The detection of monoclonality of T-cell receptor (TCR) gene by polymerase chain reaction (PCR) or Southern blot analysis is also an important finding in MF and can be a diagnostic clue in the cases that mimic BIDs both clinically and pathologically. PCR analysis is more sensitive than Southern blot analysis [22]. Southern blot analysis could fail to detect monoclonality in many early MF cases [23] and thus, PCR analysis is more frequently used in the diagnosis of early MF. The recent report showed that clonal TCR gene rearrangement was demonstrated in 83% of early MF cases by PCR analysis [24]. However, due to high sensitivity, the presence of monoclonality by PCR can be seen in some BID cases, because not monoclonal but oligoclonal accumulation of T cells occurs in BIDs [25,26,27]. Detection of identical clones from two different sites was reported to be highly specific for MF [28].

3. Algorithm for Diagnosis of Early Mycosis Fungoides

The diagnosis of early MF is made comprehensively based on combined findings described above. In 2005, the International Society for Cutaneous Lymphoma proposed the algorithm for diagnosis of early classical MF (Table 1) [17]. When a sum total of four or more points is achieved, the diagnosis of MF is made. Compared to immunohistochemical and molecular findings, clinical and pathological findings are regarded as more important. If the patient meets the basic and two or more additional criteria of clinical and pathological findings, the diagnosis of early MF can be made without immunohistochemical and molecular analyses.
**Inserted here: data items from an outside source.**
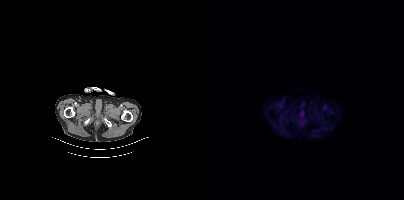
modality: PSMA PET/CT | tracer: 18F | view: axial
No tumor lesions annotated on this slice.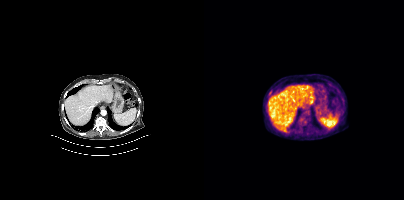
Technique: Two-panel axial: CT | PSMA PET, 18F tracer. PET panel 200×200 px (4.1 mm/px).
Findings: No PSMA-avid tumor lesions on this slice.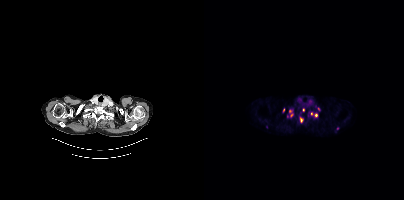
Left: CT. Right: PSMA PET, same axial level, 68Ga-PSMA tracer. PET panel 200×200 px (4.1 mm/px). Coordinates are on the 200×200 PET (right) panel. (showing 4 of 6 foci) PSMA-avid tumor lesion bounding boxes (x, y, width, height): x=85 y=110 w=5 h=8 / x=107 y=112 w=7 h=5 / x=95 y=117 w=4 h=7. Small PSMA-avid focus (2 to 4 px across) near (center x, center y): (79, 110).
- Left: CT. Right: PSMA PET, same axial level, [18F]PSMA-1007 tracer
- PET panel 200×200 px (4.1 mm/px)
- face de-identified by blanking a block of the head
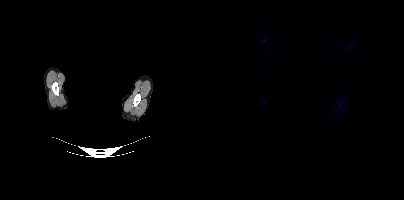
Findings: Negative for PSMA-avid disease on this slice.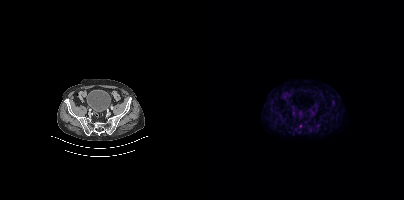
Paired axial CT (left) and PSMA PET (right), 18F tracer. No tumor lesions annotated on this slice.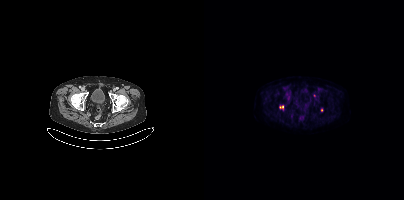
Coordinates are on the 200×200 PET (right) panel. Small PSMA-avid foci (2 to 4 px across) near (center x, center y): (77, 107) | (110, 95) | (117, 110) | (84, 97). Two-panel axial: CT | PSMA PET, [18F]PSMA-1007 tracer. Acquired on Siemens Biograph mCT Flow 20. Slice 74 of 387.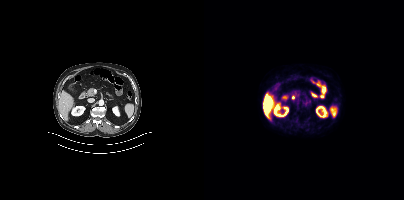
No PSMA-avid tumor lesions on this slice.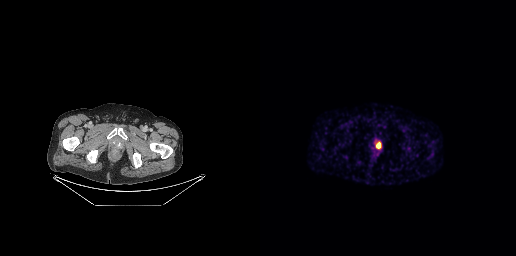
Coordinates are on the 256×256 PET (right) panel. PSMA-avid tumor lesion bounding box (x0, y0)-(x1, y1): (116, 142)-(120, 148).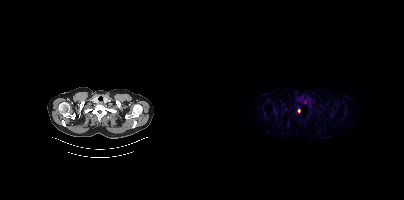
Coordinates are on the 200×200 PET (right) panel. Small PSMA-avid focus (2 to 4 px across) near (center x, center y): (95, 110).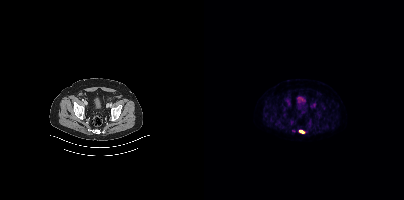
modality: PSMA PET/CT | tracer: 18F-PSMA | view: axial
Coordinates are on the 200×200 PET (right) panel. PSMA-avid tumor lesion bounding box (x, y, width, height): x=95 y=130 w=6 h=4.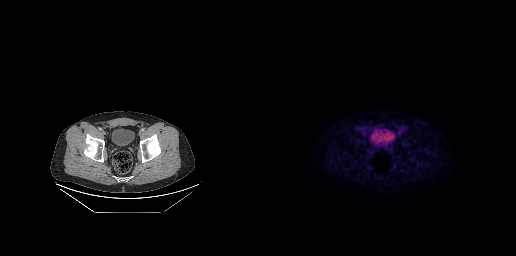
- Left: CT. Right: PSMA PET, same axial level, 18F tracer
- PET panel 256×256 px (2.7 mm/px)
Findings: Coordinates are on the 256×256 PET (right) panel. (showing 1 of 2 foci) Small PSMA-avid focus (2 to 4 px across) near (center x, center y): (139, 132).
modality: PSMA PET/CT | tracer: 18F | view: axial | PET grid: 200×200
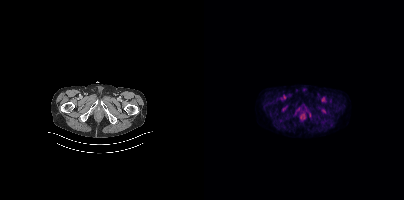
Negative for PSMA-avid disease on this slice.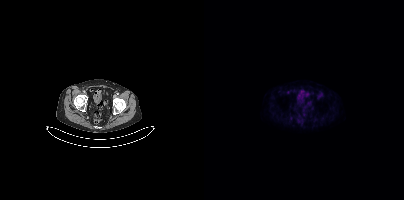
No PSMA-avid tumor lesions on this slice.
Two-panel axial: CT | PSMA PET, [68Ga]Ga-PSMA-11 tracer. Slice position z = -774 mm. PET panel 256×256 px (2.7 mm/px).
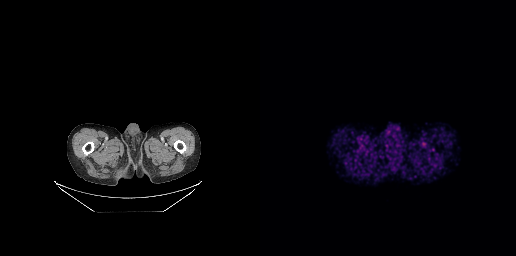
No tumor lesions annotated on this slice.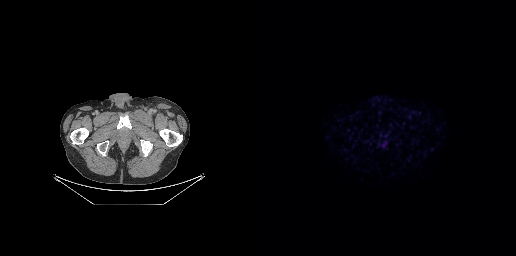
{"modality":"PSMA PET/CT","view":"axial","tracer":"[18F]PSMA-1007","pet_grid":[256,256],"coord_frame":"pet_panel","coord_format":"x0,y0,x1,y1","psma_avid_lesions":false}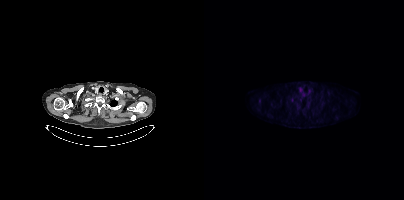
- Left: CT. Right: PSMA PET, same axial level, [18F]PSMA-1007 tracer
- acquired on Siemens Biograph mCT Flow 20
Findings: Only PSMA-avid lesion pieces thinner than 2 px on this slice (not listed).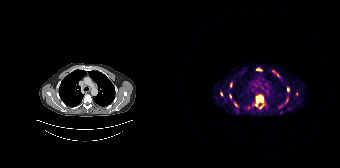
Coordinates are on the 168×168 PET (right) panel. (showing 11 of 13 foci) PSMA-avid tumor lesion bounding boxes (x0,y0,x1,y1): [84,96,91,106] [115,87,117,91] [84,68,89,70] [57,94,59,98] [88,104,91,108]. Small PSMA-avid foci (2 to 4 px across) near (center x, center y): (63, 104) (58, 84) (49, 93) (105, 75) (114, 100) (124, 93).
modality: PSMA PET/CT | tracer: 68Ga-PSMA | view: axial | PET grid: 168×168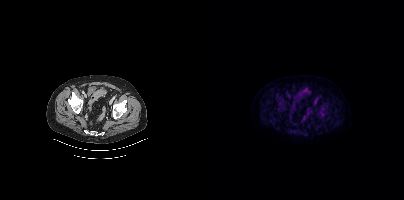
modality: PSMA PET/CT | tracer: 18F-PSMA | view: axial
Negative for PSMA-avid disease on this slice.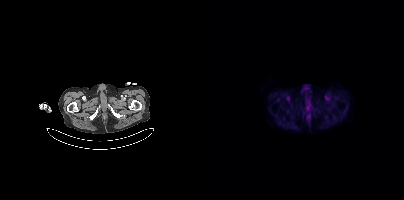
Technique: Paired axial CT (left) and PSMA PET (right), 18F-PSMA tracer. acquired on Siemens Biograph mCT Flow 20. PET panel 200×200 px (4.1 mm/px).
Findings: This slice has no annotated PSMA-avid lesion.
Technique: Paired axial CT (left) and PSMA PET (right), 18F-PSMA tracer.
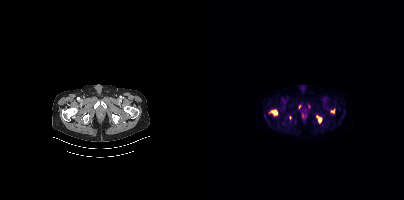
Findings: Coordinates are on the 200×200 PET (right) panel. PSMA-avid tumor lesion bounding boxes (x, y, width, height): x=65 y=109 w=9 h=8 | x=112 y=115 w=6 h=8 | x=126 y=109 w=6 h=5. Small PSMA-avid foci (2 to 4 px across) near (center x, center y): (95, 106) | (86, 117) | (105, 106) | (98, 115).
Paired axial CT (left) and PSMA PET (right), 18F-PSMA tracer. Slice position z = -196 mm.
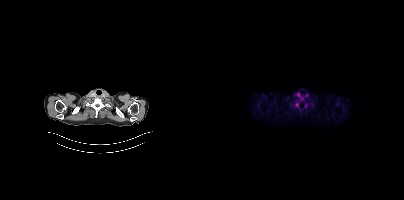
Negative for PSMA-avid disease on this slice.

On the other hand, even if the patient meets the immunohistochemical and molecular criteria, additional clinical and/or pathological findings are needed.
The validity of the algorithm was first evaluated by Vandergriff et al. in 2015 [29]. They retrospectively applied the algorithm to 24 early MF patients and 10 patients with skin diseases mimicking MF, such as eczema, drug eruption, and psoriasis. Twenty-one out of 24 early MF patients met or exceeded the four-point threshold, while four points were achieved only in four MF mimics, and none achieved five or six points. The sensitivity and specificity were 87.5% and 60% respectively and the algorithm was found to be a statistically valid for distinguishing MF from its mimics. As the analysis of TCR clonality is unavailable in some facilities and detection rates depend on the methods, some group assessed the validity of the algorithm excluding the molecular biological criteria. Amorim et al. retrospectively reviewed 67 early MF patients clinically, pathologically, and immunohistochemically [30]. They found that 43 of 67 patients (64%) met the basic and two or more additional criteria of clinical and pathological findings and the diagnosis of early MF could be made by those findings. Moreover, when immunohistochemical analysis was added, 61 of 67 patients (91%) met the criteria for the diagnosis of early MF. Similarly, the other group also showed that the sensitivity of the algorithm excluding biological molecular criteria was 93%, while the algorithm including the criteria achieved 100% sensitivity [31]. Collectively, the algorithm is highly sensitive and most early MF cases can be diagnosed accurately, but the specificity has not yet been validated sufficiently. The modification of the algorithm to improve the specificity and sensitivity may be desirable.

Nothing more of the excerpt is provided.